# gli cade/ le cade



## vallery

Buona sera! 

Ho un dubbio. Nel verso seguente è meglio usare *gli cade* o *le cade*? Mi sembra che *gli cade* suona bene ed anche più corretto, dato che si tratta del vestito della bambina, invece di *le cade*, perché in questo caso si tratterebbe della luce che cade sulla bambina. Cosa è più correto dal punto di vista grammaticale? A chi debbo dare più importanza: al vestito o alla bambina? 

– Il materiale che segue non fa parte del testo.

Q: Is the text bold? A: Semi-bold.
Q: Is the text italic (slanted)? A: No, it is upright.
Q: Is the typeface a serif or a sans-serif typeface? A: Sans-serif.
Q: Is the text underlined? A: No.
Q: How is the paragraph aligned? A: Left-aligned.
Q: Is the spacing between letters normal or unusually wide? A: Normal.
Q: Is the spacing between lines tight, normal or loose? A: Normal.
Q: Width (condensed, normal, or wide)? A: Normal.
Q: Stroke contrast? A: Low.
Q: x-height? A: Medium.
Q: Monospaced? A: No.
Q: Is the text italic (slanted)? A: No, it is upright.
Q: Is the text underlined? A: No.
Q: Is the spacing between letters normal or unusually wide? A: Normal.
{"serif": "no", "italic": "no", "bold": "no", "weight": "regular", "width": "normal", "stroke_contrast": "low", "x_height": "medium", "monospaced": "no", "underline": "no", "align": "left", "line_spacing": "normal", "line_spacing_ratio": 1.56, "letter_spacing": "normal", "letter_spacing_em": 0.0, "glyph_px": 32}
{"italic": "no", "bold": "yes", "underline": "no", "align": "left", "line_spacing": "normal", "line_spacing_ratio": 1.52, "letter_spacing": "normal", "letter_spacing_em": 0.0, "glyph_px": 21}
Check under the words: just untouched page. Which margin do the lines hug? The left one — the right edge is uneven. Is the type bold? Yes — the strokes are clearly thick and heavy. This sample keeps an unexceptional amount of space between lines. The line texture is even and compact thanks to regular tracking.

_...Il suo colletto bianco ora è l’unica fonte di luce, __
invece il vestito diventa ancora più scuro: 
*gli cade* la notte addosso, ma lei non la sente... 

_

_...Il suo colletto bianco ora è l’unica fonte di luce, __
invece il vestito diventa ancora più scuro: 
*le cade* la notte addosso, ma lei non la sente…_



Grazie mille!


----------



## fabinn

Dal contesto sembra che effettivamente la notte cada addosso alla bambina, dato che, nonostante questo avvenimento, lei non se la sente cadere addosso, per così dire. Stando così le cose, è giusto "le cade".


----------



## a malta

Vallery! Ora ricordo, tu scrivi poesie
Chiedi "dal punto di vista grammaticale"...mmmhhh...risolverei così:

...invece il vestito diventa ancora più scuro, 
*gli* cade la notte addosso

   ma lei non la sente

A me sembra che in questo modo si riesca a sottolineare, senza creare ambiguità, l'importanza del vestito.

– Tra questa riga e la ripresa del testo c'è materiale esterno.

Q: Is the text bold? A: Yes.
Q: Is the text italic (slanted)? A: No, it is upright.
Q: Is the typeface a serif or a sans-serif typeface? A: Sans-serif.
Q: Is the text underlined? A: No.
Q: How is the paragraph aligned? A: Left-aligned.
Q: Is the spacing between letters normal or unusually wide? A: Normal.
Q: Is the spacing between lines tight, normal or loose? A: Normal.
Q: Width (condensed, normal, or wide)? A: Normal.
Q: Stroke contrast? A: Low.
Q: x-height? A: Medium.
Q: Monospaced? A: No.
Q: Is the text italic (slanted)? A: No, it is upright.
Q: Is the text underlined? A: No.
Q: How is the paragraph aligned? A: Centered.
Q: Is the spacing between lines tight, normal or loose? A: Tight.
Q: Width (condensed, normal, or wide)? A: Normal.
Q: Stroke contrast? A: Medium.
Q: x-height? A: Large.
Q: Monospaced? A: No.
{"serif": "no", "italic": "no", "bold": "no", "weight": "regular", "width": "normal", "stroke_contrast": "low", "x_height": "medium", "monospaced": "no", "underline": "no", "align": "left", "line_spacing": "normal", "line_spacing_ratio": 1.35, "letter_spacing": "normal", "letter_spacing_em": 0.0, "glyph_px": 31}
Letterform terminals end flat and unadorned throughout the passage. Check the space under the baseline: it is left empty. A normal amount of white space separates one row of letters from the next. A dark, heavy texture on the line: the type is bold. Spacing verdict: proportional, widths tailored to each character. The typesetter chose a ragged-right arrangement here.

Se invece vuoi darla alla bimba, lascerei la tua versione con "*le*", così come l'hai scritta.
Magari ci penserò ancora un po' su, ciao, a m


----------



## Kitsunegari

Visto che il soggetto 'vestito' è nella frase precedente, separato da quel "gli/le cade" da due punti, sembra che la notte cada addosso alla bambina, anche perché è lei il soggetto della frase subito seguente. 
Dal punto di vista grammaticale potresti ovviare spostando i due punti così:

_...Il suo colletto bianco ora è l’unica fonte di luce, __
invece il vestito diventa ancora più scuro, 
*gli cade* la notte addosso: ma lei non la sente... _

Ma forse la metrica ne risente...


----------



## Giorgio Spizzi

Ciao, Val.

io la penso così: l'autrice sei tu; tu dici che "... *si tratta del vestito* della bambina"; ergo, la scelta è obbligata: "*gli*". 

Cari saluti.

GS


----------



## vallery

Grazie per le vostre risposte!

Ci ho pensato un po’ e credo di aver sbagliato qui: se la notte cade sul vestito della bambina, lei ( la bambina ), non la può sentire, perché la notte non cade su di lei direttamente… 

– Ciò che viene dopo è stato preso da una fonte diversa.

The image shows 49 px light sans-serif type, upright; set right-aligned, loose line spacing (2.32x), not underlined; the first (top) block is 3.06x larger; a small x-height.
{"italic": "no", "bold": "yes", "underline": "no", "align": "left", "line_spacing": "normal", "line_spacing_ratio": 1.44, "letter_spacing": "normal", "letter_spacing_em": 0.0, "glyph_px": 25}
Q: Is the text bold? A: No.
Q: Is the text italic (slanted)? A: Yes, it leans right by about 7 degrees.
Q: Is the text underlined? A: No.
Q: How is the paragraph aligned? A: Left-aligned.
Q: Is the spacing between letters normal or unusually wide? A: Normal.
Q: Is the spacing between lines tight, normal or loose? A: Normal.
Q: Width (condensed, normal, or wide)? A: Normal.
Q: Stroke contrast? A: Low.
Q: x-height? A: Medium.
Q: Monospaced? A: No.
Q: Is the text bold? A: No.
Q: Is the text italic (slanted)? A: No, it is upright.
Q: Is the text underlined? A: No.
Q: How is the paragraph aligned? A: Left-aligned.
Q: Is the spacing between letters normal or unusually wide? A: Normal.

_...Il suo colletto bianco ora è l’unica fonte di luce, __
__invece il vestito diventa ancora più scuro: 
*gli cade* la notte addosso, ma lei non la sente..._

Penso di scrivere in questo modo, che ne dite, è più corretto?

_...Il suo colletto bianco ora è l’unica fonte di luce, __
__invece il vestito diventa ancora più scuro; 
*le cade* la notte addosso, ma lei non la sente..._


----------



## DIANAPRINCI

Secondo me sì.


----------



## Cosimo Piovasco

ti consiglierei: e lei non la sente. Perché in questo caso non è direttamente avversativa. Infatti, se hai detto che la bambina non lo può sentire, ti devi limitare a dire che lei non lo sente, non sottolineare che, nonostante poteva sentirlo, non l'ha sentito (dato che il fatto che lei senta l'ombra - per altro fatto metaforico e ben poco realmente presentabile- non sia possibile in quel contesto per la mediazione del contesto stesso).
Poi, mi permetto di far notare che tale descrizione ha alcune falle: perché la notte (notoriamente uniforme) cade solo sul vestito? Intendiamoci, se ha finalità metaforiche lo devi lasciare, ma magari andrebbe spiegato il perché di tale avvenimento (che ne so, se il colletto è il simbolo della purezza, allora esso irradiando tale virtù debella l'incedere della notte). 
Poi, perché dovrebbe sentire la notte? Ripeto, se è metaforico come mi sembra (ma non avendo altro testo di questa tua opera non so a cosa alluda) devi lasciarlo, ma puoi spiegare perché (dicendo qualcosa come che lei per qualche motivo particolare - è morta? ma anche se ha particolari sensibilità o altro - la può percepire, oppure che quel tipo di notte è percepibile perché realmente tangibile dato che è una notte-oscurità-perdizione-oblio ecc.)-


----------



## vallery

Guarda, a me sembra che sia meglio con _ma_ invece che con _e_. Però posso anche sbagliare. 
Ho iniziato a rispondere alle tue domande, ma è troppo complicato per me a spiegare tutto senza che tu veda il testo per intero, quindi faccio prima a farti leggere la mia poesia, in questo modo si capisce subito (perlomeno lo spero! ) il perché della notte, del colletto ed altro.

_"La pianista" 1906 __



Le sue lunghe dita corrono veloci sui tasti. 
Lo sguardo è muto e quasi non si muove, 
non lo sfiora nemmeno la musica! 
E’ rassegnato all’infinito. 
Le sue labbra chiuse sono completamente nude: 
il sorriso è rimasto nell’ieri. 
(...Qualcosa mi dice, che ieri lei era felice...) 
Ha i capelli biondi e ondulati, ma ora sono severamente raccolti. 
Indossa un lungo vestito scuro, abbottonato quasi fino al mento 
e il colletto inamidato copre del tutto l’esile collo. 
La testa, chinata di lato, traduce tutto il suo impegno. 
La maestra l’ascolta, segue attentamente le sue mani 
e spera che lei faccia almeno un errore. 
Lei lo sa e ha paura di sbagliare. 
(...Se sbagli, fanciulla, non piangere, fuori ti aspetta l’estate!...) 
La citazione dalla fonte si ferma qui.